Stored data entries
============================================================

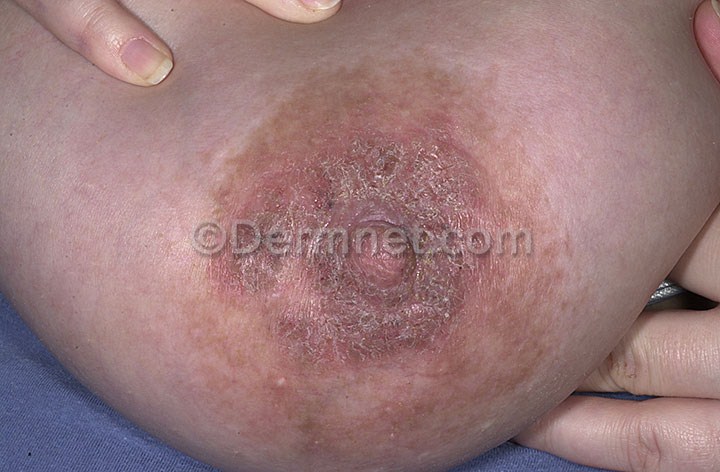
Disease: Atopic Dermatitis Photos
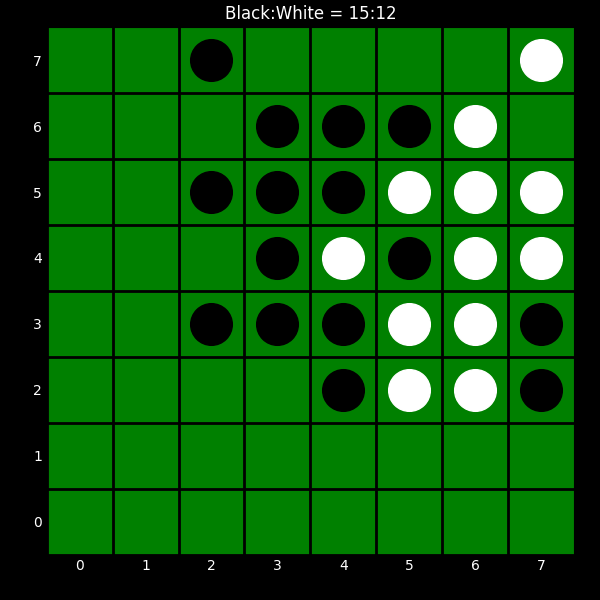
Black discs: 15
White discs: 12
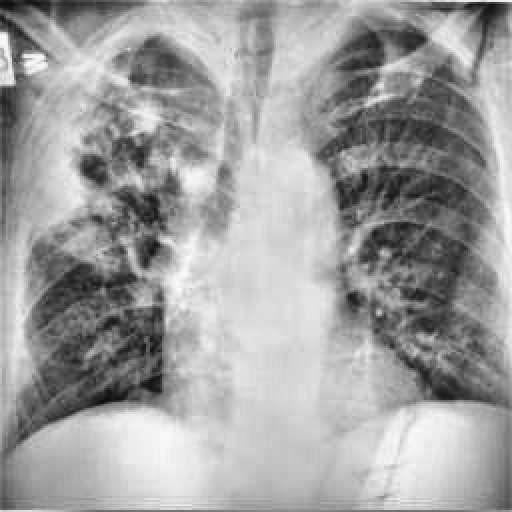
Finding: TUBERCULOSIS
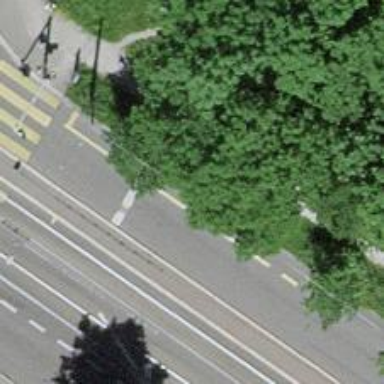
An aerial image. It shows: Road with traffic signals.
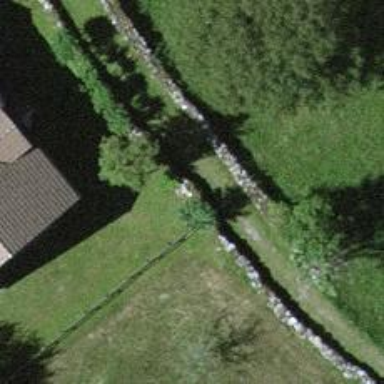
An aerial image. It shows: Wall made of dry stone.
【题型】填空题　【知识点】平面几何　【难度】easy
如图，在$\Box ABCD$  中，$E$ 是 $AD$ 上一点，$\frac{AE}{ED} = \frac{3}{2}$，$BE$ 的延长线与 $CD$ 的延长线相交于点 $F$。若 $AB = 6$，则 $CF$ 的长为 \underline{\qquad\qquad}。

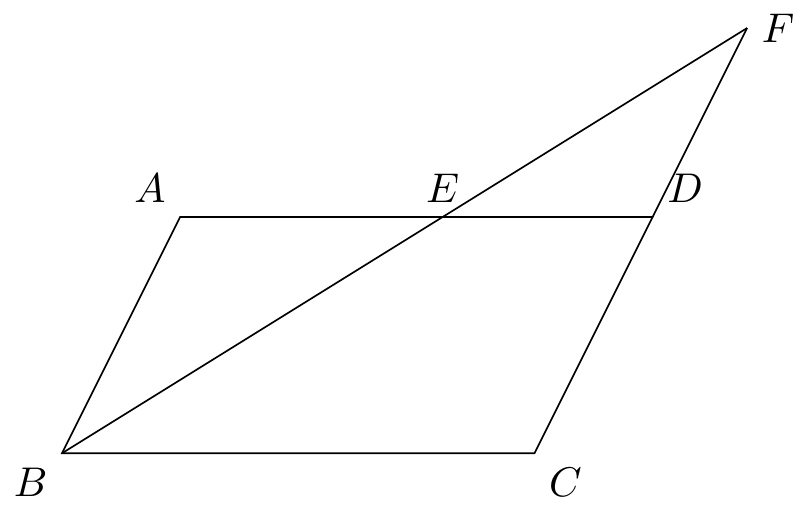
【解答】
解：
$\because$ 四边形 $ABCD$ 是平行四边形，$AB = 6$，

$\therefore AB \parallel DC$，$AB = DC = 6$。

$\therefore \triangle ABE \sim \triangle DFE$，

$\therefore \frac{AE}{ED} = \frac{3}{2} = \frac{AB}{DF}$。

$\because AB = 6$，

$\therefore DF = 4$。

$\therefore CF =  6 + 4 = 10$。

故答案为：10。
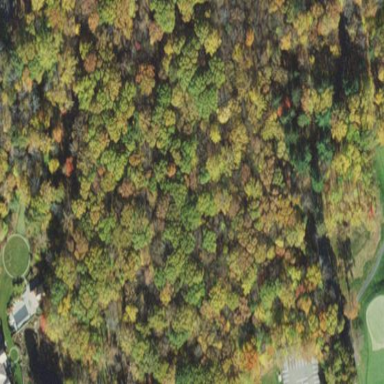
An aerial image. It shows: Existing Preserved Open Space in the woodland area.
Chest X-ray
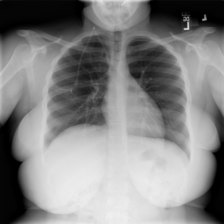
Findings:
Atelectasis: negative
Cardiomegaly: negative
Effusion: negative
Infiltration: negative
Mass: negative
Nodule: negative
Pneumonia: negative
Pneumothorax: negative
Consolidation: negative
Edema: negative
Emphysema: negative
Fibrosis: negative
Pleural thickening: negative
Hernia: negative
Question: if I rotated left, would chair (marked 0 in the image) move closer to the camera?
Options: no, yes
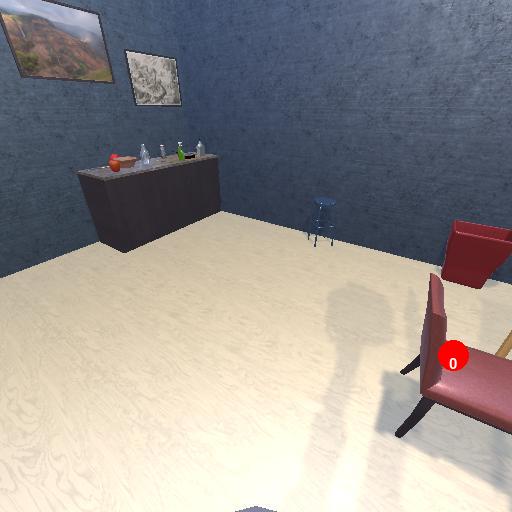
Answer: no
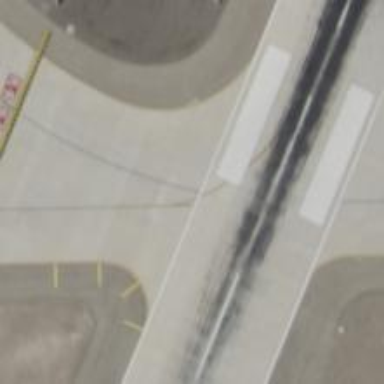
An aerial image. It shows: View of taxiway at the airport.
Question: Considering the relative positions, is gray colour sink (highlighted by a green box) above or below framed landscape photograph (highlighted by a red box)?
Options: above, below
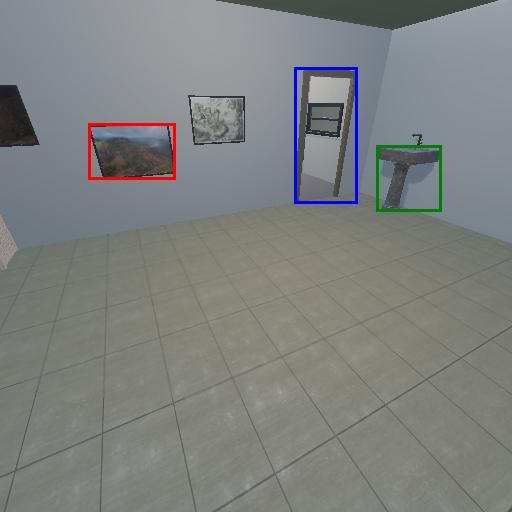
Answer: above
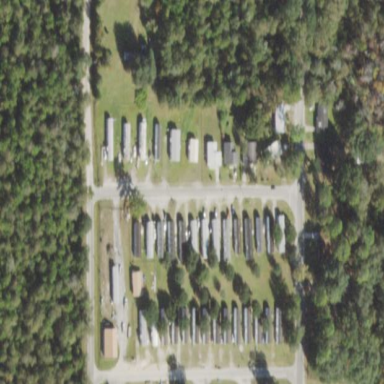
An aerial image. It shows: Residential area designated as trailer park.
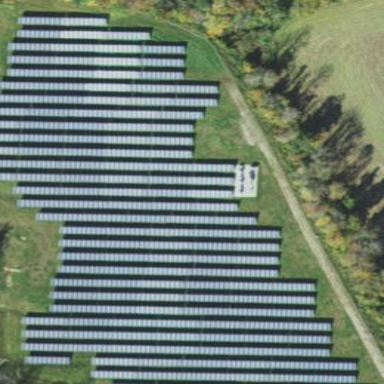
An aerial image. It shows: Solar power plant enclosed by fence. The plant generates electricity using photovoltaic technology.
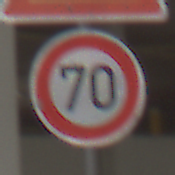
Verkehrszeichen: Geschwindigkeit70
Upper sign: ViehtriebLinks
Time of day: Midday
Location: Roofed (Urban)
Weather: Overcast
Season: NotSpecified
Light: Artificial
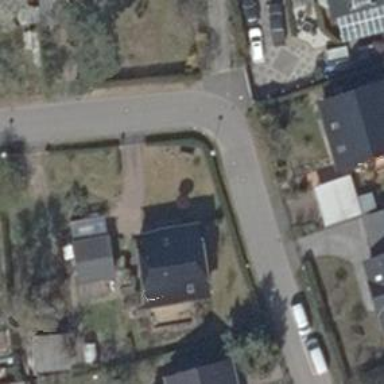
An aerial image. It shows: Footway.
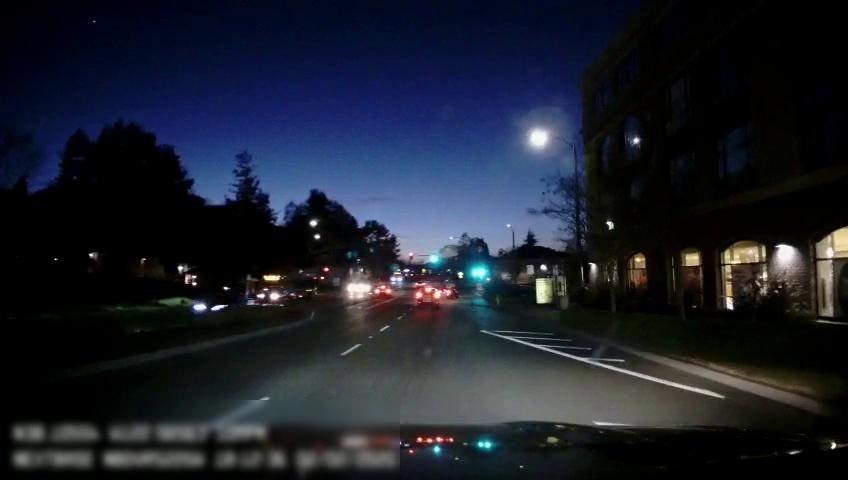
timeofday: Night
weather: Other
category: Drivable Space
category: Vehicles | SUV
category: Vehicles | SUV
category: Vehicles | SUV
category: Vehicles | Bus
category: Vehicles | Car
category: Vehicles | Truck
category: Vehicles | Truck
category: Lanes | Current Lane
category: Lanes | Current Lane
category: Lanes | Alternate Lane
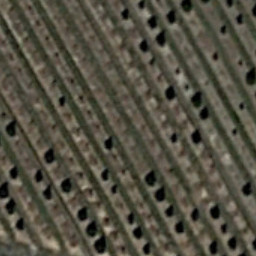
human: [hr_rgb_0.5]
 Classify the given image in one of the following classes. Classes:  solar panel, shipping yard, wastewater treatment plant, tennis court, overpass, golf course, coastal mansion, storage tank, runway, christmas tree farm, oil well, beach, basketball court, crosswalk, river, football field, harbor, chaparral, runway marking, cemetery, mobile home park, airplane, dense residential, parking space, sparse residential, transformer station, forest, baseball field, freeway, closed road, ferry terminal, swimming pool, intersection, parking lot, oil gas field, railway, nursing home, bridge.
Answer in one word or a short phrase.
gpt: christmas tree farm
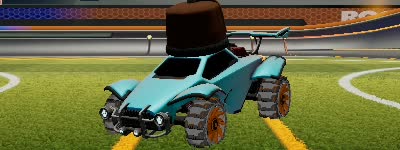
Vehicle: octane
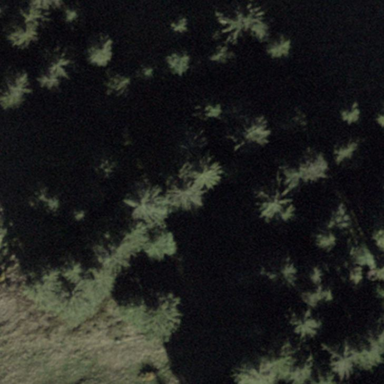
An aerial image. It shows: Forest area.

============================================================

**Brief:**
In the entries, find every line holding "tree" and copy it.

**Solution to this exercise:**
 Classify the given image in one of the following classes. Classes:  solar panel, shipping yard, wastewater treatment plant, tennis court, overpass, golf course, coastal mansion, storage tank, runway, christmas tree farm, oil well, beach, basketball court, crosswalk, river, football field, harbor, chaparral, runway marking, cemetery, mobile home park, airplane, dense residential, parking space, sparse residential, transformer station, forest, baseball field, freeway, closed road, ferry terminal, swimming pool, intersection, parking lot, oil gas field, railway, nursing home, bridge.
gpt: christmas tree farm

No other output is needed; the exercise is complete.